5: The boom operator lowers the boom accidentally into shot, or the sound team can't do their work because its untenable to prepare each room and choreograph where the boom operator[s] will come in and leave to always pick up the sound without picking up their own movements, lagging behind the room changes or being in shot. Equally in some takes the distant noises are not correctly choreographed and the recording equipment don't pick them up, meaning the actors can't react to those noises.
6: A special effect goes wrong in such a way that the visual evidence in shot is unconvincing, or disproves some part of the story.
7: An object in the general set dressing of a scene moves on its own in a way that ruins the scene.
8: An object central to the story has to be moved for the narrative and even though its offscreen for a period, crew can't make the changes because it would be picked up by the sound recordists dealing with a scene continuing nearby.

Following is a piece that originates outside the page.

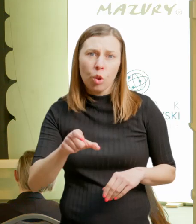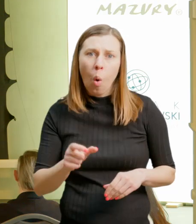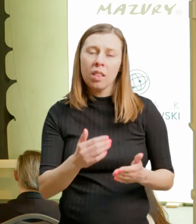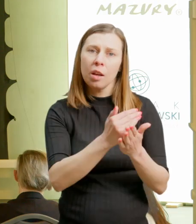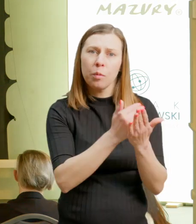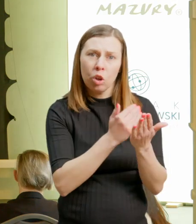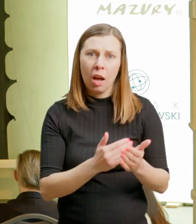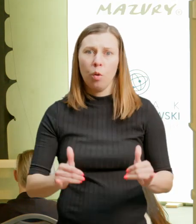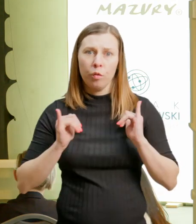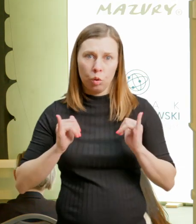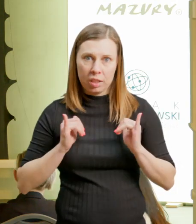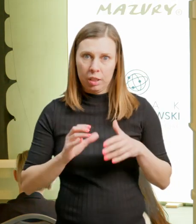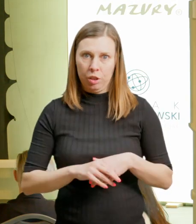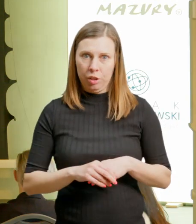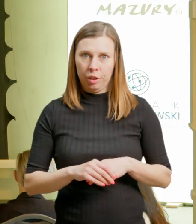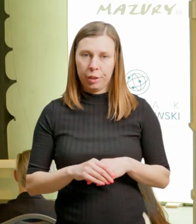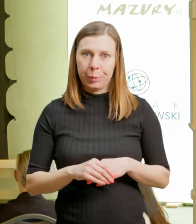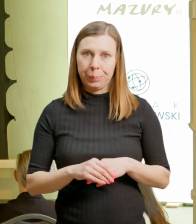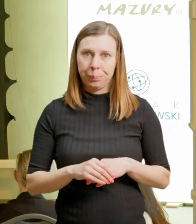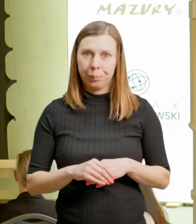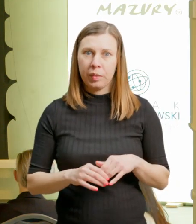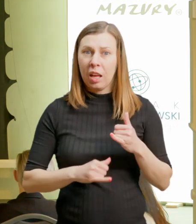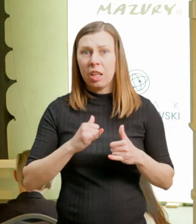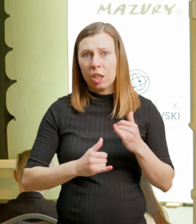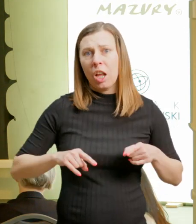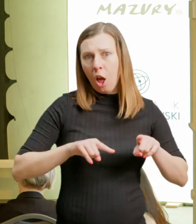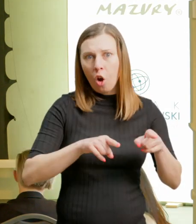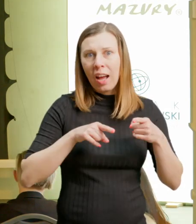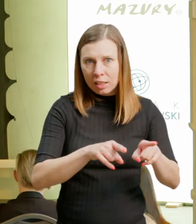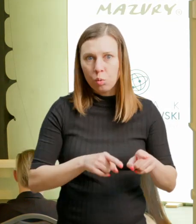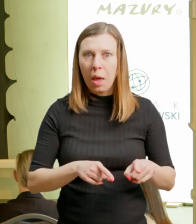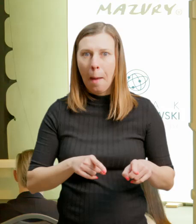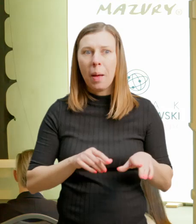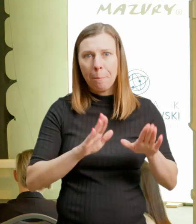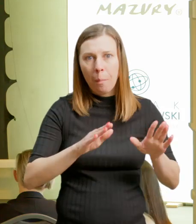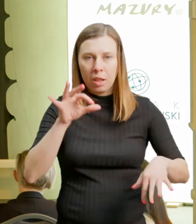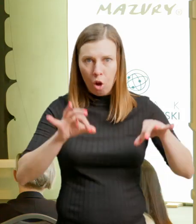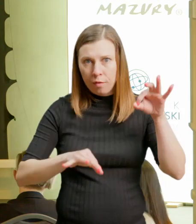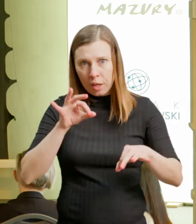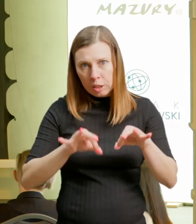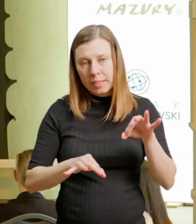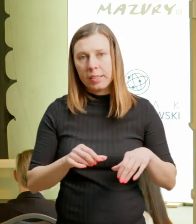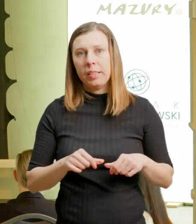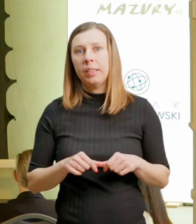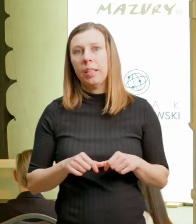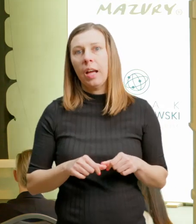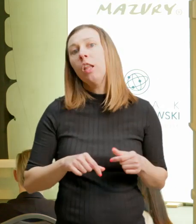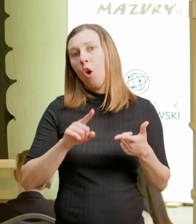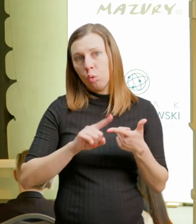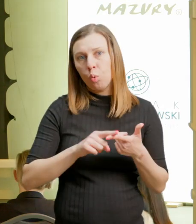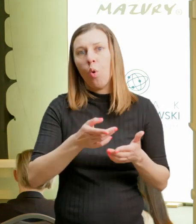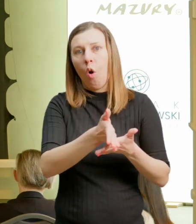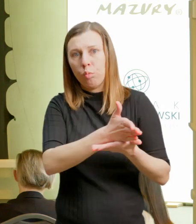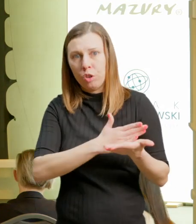konferencyjnych, to drugą częścią jakby naszej oferty powinna być oferta usług indywidualnych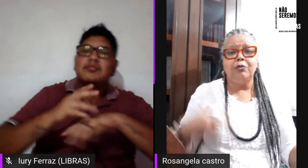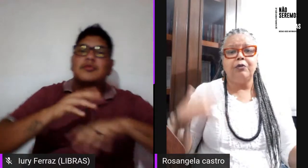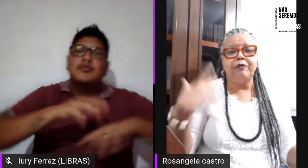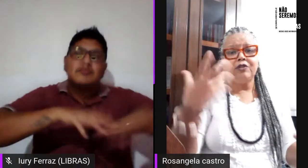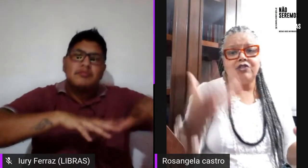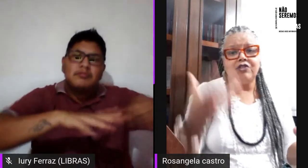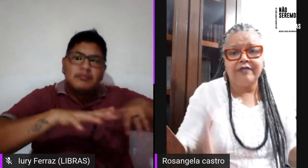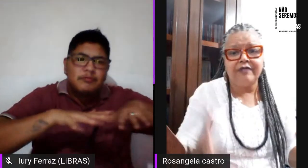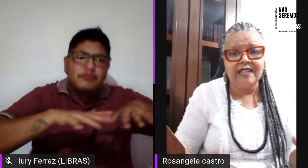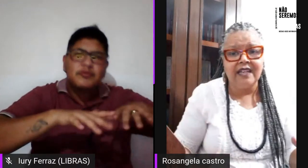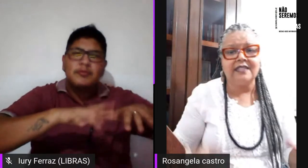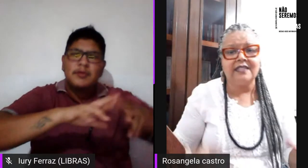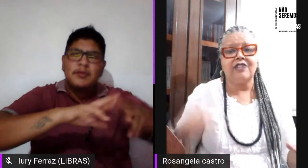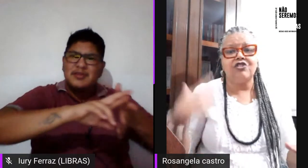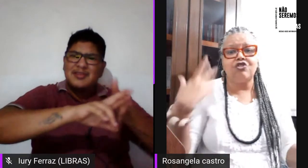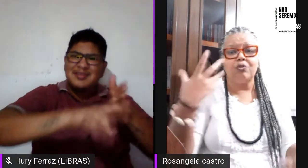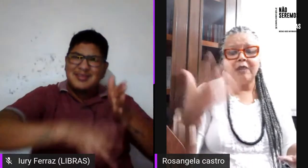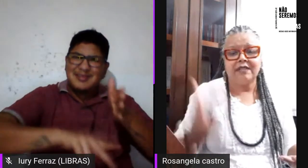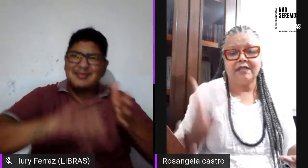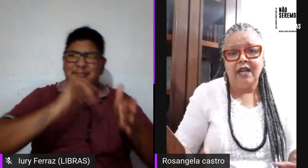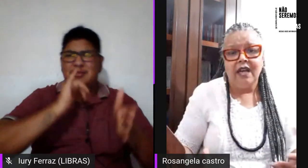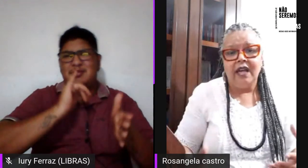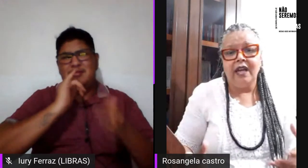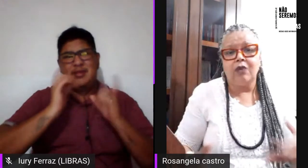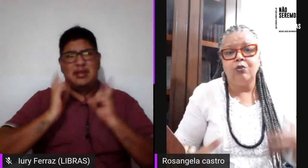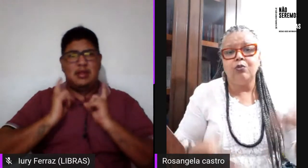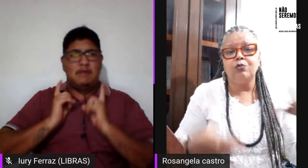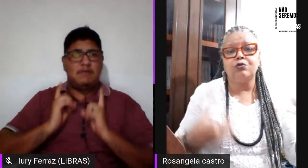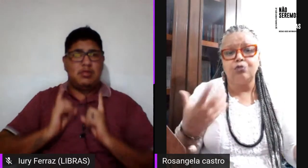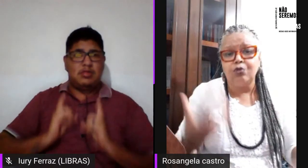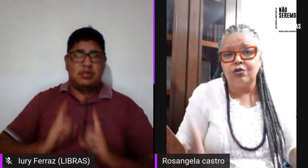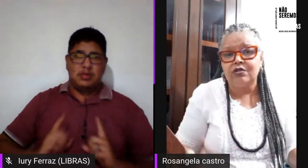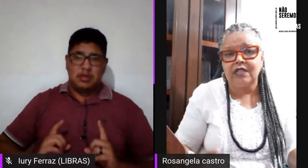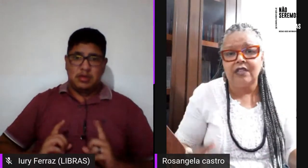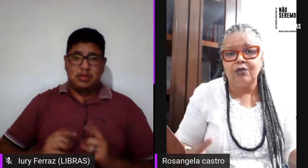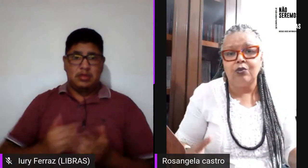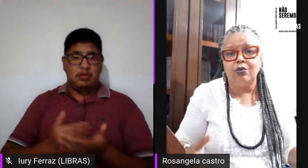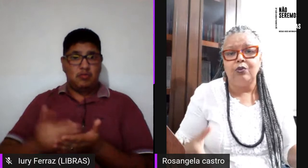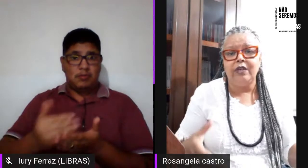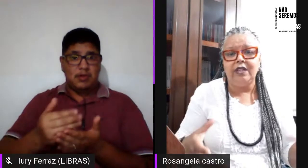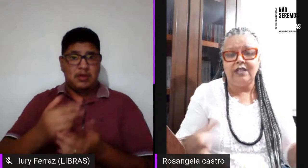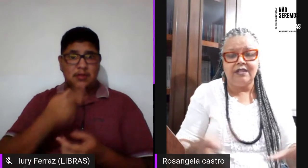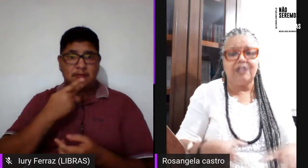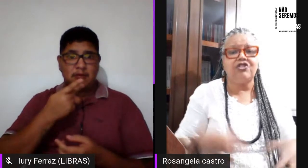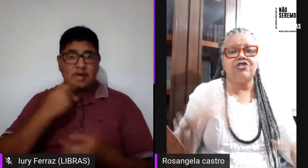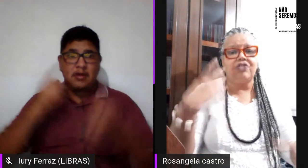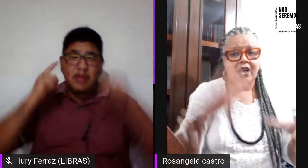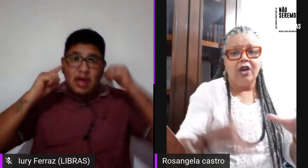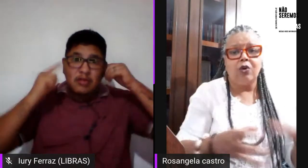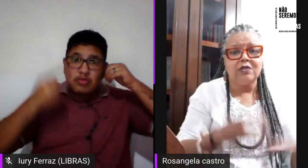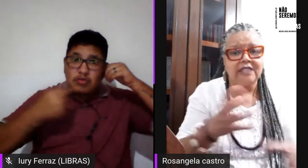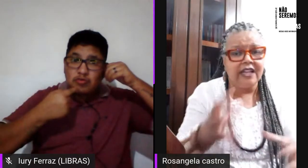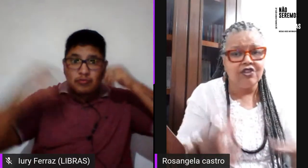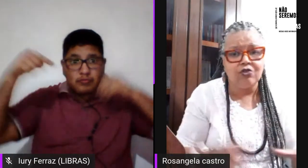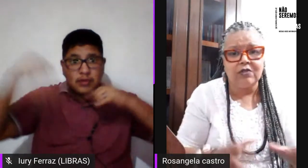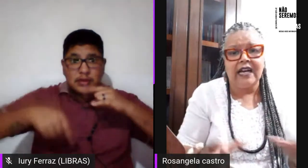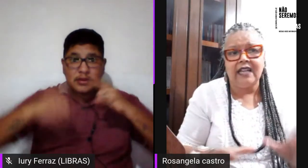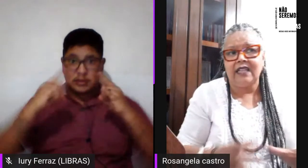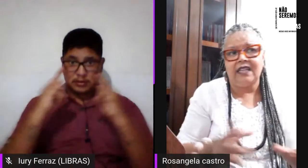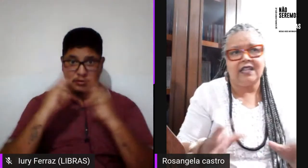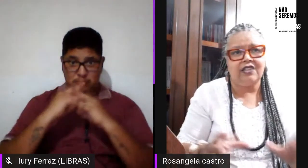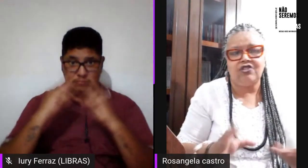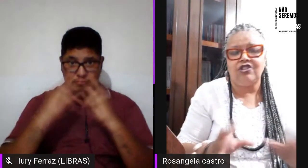no movimento de deficiência, que a gente começa com surdos aqui no INIS, e a gente consegue

9: As the camera operator is moving around furniture to stalk Olsen, sometimes close, sometimes from a distance, they slip or trip on something in the set.
10: Make up effects can't be completed properly because of lack of breaks to alter the look of the actors despite bloodwork needing to look dramatically different over the course of the story.
Those of course are all things that can happen on any film but they would be more frequent on a project where everyone in every department has to do their jobs all at once, in order and with no mistakes even if the set ups of their jobs would normally take hours of preparation. People might put off communicating problems on set they might discover during a take in their own departments because their voices will get picked up by the ever running sound machines and because the director has no spare moment to listen to the problem that is about to ruin the shoot in the effects department, or continuity department. It would be inevitable that filming one take of something like this would stretch people until they were making thousands of mistakes, they could end up with hundreds of almost identical takes each with one mistake, leading to hundreds of hours of partially complete one take attempts that they would eventually edit together taking the best moments of all those takes anyway, making the attempt moot. Which in turn would mean they wasted a lot of time and money trying to shoot like they are working on SNL and not like they are working on a horror film with special time requirements, extending the shoot, exhausting everyone and still not achieving what they hoped for. The filmmakers would know this and if they were being honest to their financiers they'd have to admit it might take months of trying to get one perfect take, which would inevitably make any sane financier suggest they should the film the normal way in order to not waste money getting hundreds of practically identical footage.
As long take films go, theres no point comparing it to even Rope; the camera operator on Silent House is darting closer to Olsen, veering around corners, around furniture in darkened rooms, looking at the characters through furniture, getting on the ground, getting back up, changing focus in scene, adjusting to extreme changes in light exposure, getting into tight areas, running behind and ahead of Olsen and all the time choreographed well enough that they don't crash into each other, trip each other up or themselves. I'd love to know if they came up with a less intensive system for the sound recordists because to have 3 or more people running and darting close to each other would have been a nightmare for long takes. Getting 12 minutes would require a pretty good cameraperson to not show signs of fatigue in the shots. The lack of success of the film I think is firmly rooted in what the story ends up being, which is too cliche and underwhelming for twist savvy audiences. They should have tried to fix the narrative inadaquacies and forget about promoting the one take fantasy.